The Role of Cadence in Cycling and Running Efficiency
If you’re like most triathletes, you’ve spent time dialing in your power, pace, and nutrition—but how much attention have you given to your cadence?
Cadence, often called your “rhythm,” refers to how many times your legs go through the motion per minute:
- In cycling, it’s how many pedal revolutions per minute (RPM).
- In running, it’s your stride rate—how many times your feet hit the ground per minute.
And while cadence may seem like a small piece of the puzzle, it can have a massive impact on your efficiency, injury risk, and race day performance.
Cycling Cadence: What’s the Ideal RPM?
There’s no one-size-fits-all answer, but many triathletes perform best in the 80–95 RPM range. Elite time trialists often push higher (95–105+), while climbing might naturally bring your cadence down.
So how do you find your ideal cadence?
👉 Listen to your body and heart rate. If your cadence is too low, you’ll muscle through the pedals and fatigue your legs. Too high, and your heart rate may spike inefficiently.

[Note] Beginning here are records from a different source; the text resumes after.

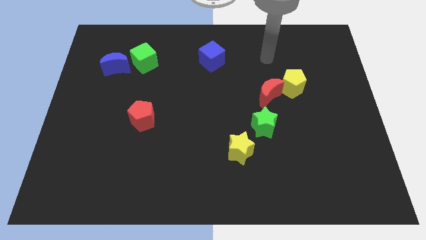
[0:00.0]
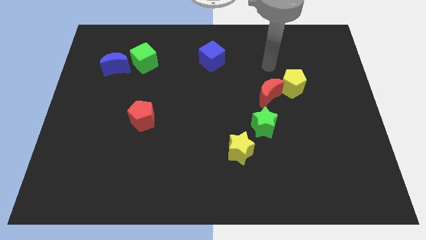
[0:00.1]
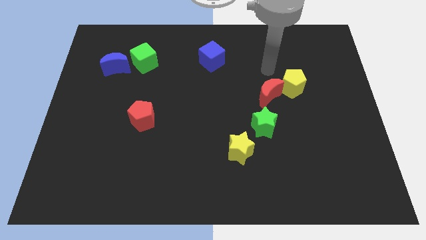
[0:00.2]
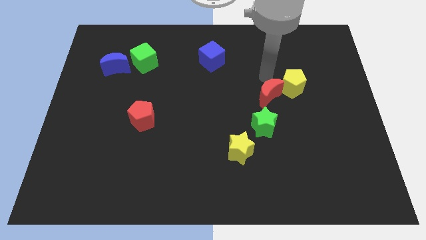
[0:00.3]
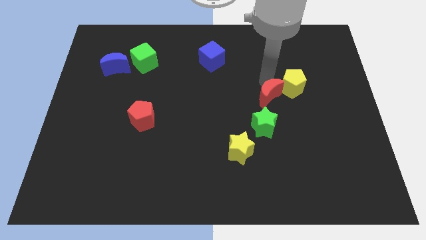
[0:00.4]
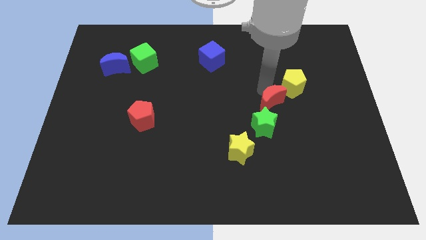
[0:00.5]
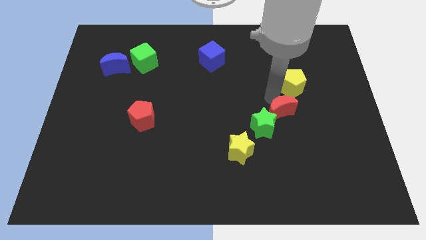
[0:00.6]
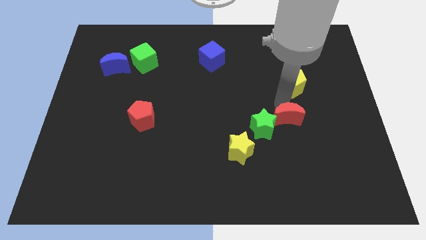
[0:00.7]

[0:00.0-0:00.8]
pull the yellow pentagon apart from the red moon

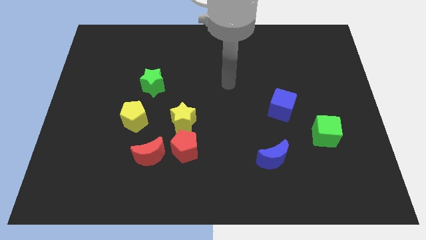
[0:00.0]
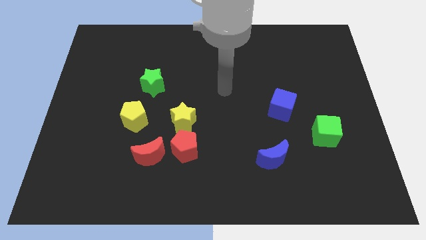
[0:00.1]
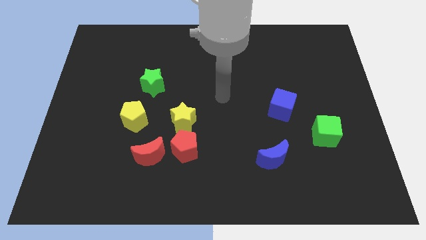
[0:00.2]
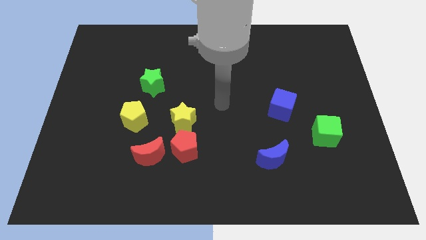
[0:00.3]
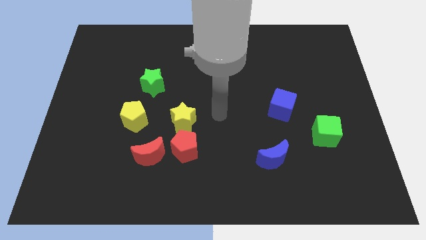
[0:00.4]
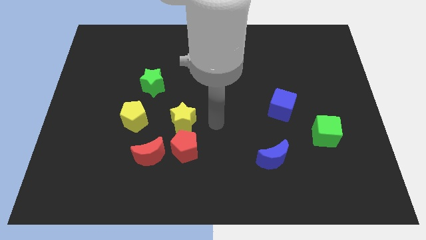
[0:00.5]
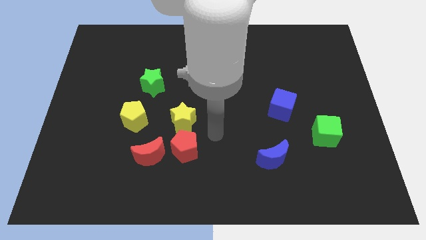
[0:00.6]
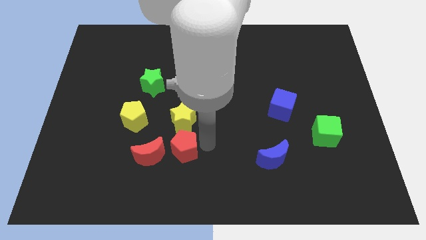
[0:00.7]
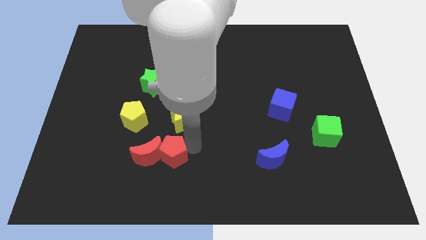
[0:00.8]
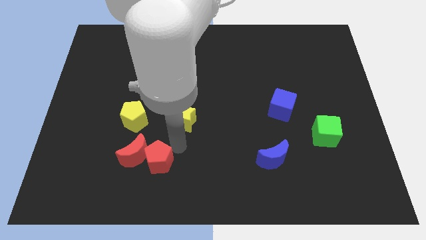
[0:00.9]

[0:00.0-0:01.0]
separate the yellow star from the red pentagon

👉 Cadence should vary based on terrain and effort. It’s not about sticking to a single number, but learning to adjust smoothly while maintaining efficiency.
👉 Use drills to increase neuromuscular adaptation. High cadence drills (110–120 RPM for short bursts) can improve pedal smoothness and coordination over time.
Pro Tip:
If you’re using TriDot, the AI adjusts your power and cadence targets automatically based on the purpose of each workout—so don’t feel like you have to guess.
Running Cadence: Why 180 is Not a Magic Number
If you’ve ever read a running blog or been to a running clinic, you’ve probably heard that 180 steps per minute is the “perfect” running cadence. But like most metrics in triathlon… it depends.
✅ A higher cadence (typically 170–190 spm) is generally associated with:
- Shorter ground contact time
- Reduced vertical oscillation (less bouncing)
- Lower impact forces on the knees and hips
But what matters most is how you feel and perform. Taller athletes or those newer to running may naturally have a slightly lower cadence. Instead of forcing a number, use it as a guide to improve:
🎯 If your cadence is below 160, especially during Zone 2 runs, it may be time to work on turnover drills.
🎯 If you’re overstriding (landing with your foot far ahead of your body), increasing cadence can reduce braking forces and improve efficiency.
🎯 If you run with a metronome or music, set a beat to your target cadence to train your neuromuscular system. I like podrunner.com for music with a specific bpm.
How Cadence Impacts Race Day
Dialing in cadence during training builds efficiency that carries over to race day. Here’s how:
- In the bike leg, an efficient cadence helps save your legs for the run.
- On the run, a smooth stride keeps your body moving forward instead of up and down.
- Across the race, an efficient cadence conserves energy and delays fatigue.
TriDot athletes benefit from cadence tracking built into many workouts—especially in the Race Prep phase of training.
Need Help Finding Your Rhythm?
Whether you’re struggling with slow turnover, mashing heavy gears on the bike, or not sure how to track your cadence, I’ve got you.
✅ A coach can provide feedback on form, pacing, and drills to optimize cadence for your physiology and goals.
✅ Even if you’re not using a coach, TriDot’s AI-backed training uses data from thousands of athletes to optimize your cadence and performance. The more you train within the platform, the more it adapts to you.
🔗 Try TriDot free for 1 month and start training smarter—not harder.
Final Thoughts: Trust Your Training
Cadence isn’t just a number—it’s the rhythm of your race. Learning how to control it and adjust as needed takes practice, patience, and the right plan.
If you’re ready to feel stronger, smoother, and more confident on race day, take a closer look at your cadence… and let it work for you.